- Activity -
Scan the records below for the line with "ဒုတိယနောစေအဿာဒသုတ္တံ" and the line with "శుద్ధమైనది? దయతో గూడినది". Repeat those two lines and every line between them exactly, and nothing else.

- - - -

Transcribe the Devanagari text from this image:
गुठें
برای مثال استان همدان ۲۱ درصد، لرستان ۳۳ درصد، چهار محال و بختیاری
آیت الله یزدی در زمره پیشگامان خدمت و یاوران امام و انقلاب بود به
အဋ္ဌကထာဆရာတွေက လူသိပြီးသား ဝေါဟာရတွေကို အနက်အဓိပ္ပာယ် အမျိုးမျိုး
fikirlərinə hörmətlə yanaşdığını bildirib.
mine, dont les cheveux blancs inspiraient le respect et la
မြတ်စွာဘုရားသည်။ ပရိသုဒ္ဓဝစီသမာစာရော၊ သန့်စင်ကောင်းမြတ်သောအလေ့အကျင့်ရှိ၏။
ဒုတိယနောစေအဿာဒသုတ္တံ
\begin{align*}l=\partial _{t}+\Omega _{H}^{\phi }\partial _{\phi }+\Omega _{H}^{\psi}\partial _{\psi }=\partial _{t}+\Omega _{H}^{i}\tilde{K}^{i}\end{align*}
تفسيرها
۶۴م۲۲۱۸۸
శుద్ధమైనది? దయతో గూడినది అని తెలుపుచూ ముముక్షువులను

- - - -

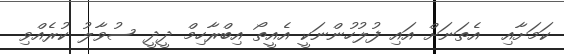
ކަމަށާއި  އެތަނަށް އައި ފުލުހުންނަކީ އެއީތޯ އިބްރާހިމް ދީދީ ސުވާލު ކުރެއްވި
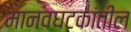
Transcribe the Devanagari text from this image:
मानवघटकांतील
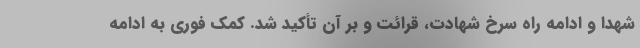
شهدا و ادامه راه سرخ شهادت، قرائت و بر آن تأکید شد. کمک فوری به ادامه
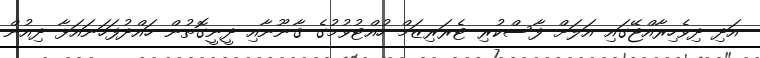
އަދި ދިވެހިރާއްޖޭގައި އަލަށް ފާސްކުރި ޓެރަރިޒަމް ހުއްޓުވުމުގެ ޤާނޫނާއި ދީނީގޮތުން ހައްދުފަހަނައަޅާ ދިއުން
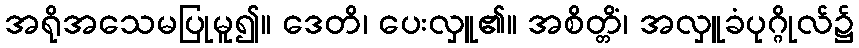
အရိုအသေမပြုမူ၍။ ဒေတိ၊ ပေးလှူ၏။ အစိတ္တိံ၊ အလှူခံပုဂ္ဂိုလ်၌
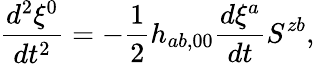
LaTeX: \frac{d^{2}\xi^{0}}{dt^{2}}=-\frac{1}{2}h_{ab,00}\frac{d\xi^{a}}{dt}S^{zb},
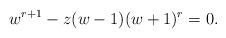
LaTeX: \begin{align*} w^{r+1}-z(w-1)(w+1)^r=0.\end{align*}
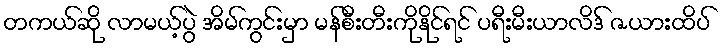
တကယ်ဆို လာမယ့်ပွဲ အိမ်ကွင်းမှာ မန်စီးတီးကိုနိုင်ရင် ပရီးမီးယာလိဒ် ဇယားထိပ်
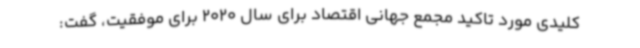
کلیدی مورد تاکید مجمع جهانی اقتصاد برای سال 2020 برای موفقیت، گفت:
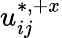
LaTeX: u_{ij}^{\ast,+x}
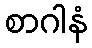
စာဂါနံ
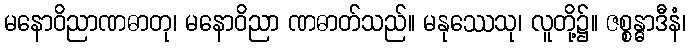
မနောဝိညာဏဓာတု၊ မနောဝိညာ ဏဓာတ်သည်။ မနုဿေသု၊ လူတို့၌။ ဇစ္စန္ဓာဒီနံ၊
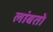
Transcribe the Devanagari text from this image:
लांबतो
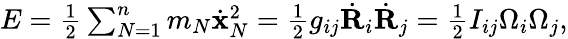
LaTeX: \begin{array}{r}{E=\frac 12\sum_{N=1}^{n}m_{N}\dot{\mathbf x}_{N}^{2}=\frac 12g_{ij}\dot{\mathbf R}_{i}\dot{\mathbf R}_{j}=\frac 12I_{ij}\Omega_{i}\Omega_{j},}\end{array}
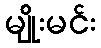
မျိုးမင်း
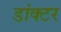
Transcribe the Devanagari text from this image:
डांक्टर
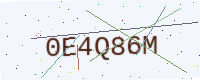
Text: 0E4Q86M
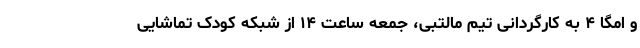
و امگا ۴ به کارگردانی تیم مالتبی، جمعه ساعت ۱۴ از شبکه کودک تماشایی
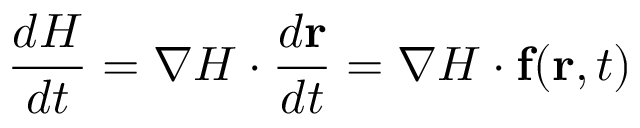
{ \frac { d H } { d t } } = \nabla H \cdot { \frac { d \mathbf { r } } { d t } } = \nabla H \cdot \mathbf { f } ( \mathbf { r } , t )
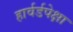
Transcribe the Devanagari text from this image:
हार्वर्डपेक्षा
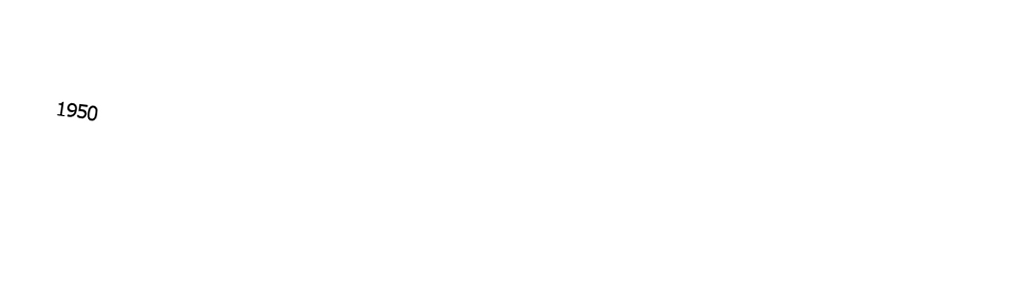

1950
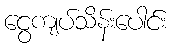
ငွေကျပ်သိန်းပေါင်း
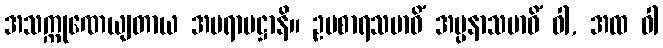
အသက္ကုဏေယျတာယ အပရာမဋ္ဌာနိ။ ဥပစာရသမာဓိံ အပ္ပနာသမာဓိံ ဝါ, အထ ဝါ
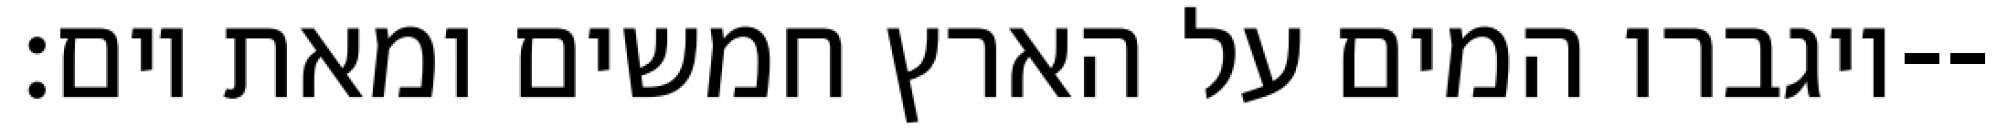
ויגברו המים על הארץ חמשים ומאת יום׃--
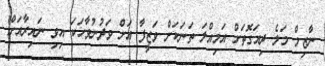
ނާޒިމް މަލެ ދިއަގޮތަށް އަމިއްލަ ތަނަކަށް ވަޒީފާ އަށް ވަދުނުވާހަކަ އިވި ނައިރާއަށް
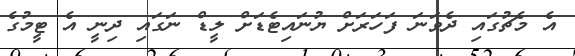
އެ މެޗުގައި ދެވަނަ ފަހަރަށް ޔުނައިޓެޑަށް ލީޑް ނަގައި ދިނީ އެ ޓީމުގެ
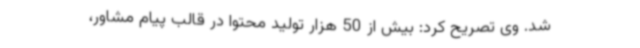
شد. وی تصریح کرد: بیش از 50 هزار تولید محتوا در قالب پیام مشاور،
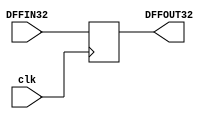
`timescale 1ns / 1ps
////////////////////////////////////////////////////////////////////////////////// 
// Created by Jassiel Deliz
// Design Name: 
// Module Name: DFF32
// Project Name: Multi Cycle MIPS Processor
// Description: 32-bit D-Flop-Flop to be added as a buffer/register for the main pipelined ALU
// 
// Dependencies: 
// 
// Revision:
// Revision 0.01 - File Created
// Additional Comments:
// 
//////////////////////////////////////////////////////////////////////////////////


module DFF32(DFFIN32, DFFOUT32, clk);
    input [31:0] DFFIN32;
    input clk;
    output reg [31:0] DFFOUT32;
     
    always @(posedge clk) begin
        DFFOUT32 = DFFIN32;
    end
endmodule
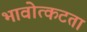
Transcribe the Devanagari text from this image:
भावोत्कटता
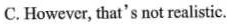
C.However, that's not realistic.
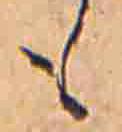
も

- - - -

- Written solution -
ဒုတိယနောစေအဿာဒသုတ္တံ
\begin{align*}l=\partial _{t}+\Omega _{H}^{\phi }\partial _{\phi }+\Omega _{H}^{\psi}\partial _{\psi }=\partial _{t}+\Omega _{H}^{i}\tilde{K}^{i}\end{align*}
تفسيرها
۶۴م۲۲۱۸۸
శుద్ధమైనది? దయతో గూడినది అని తెలుపుచూ ముముక్షువులను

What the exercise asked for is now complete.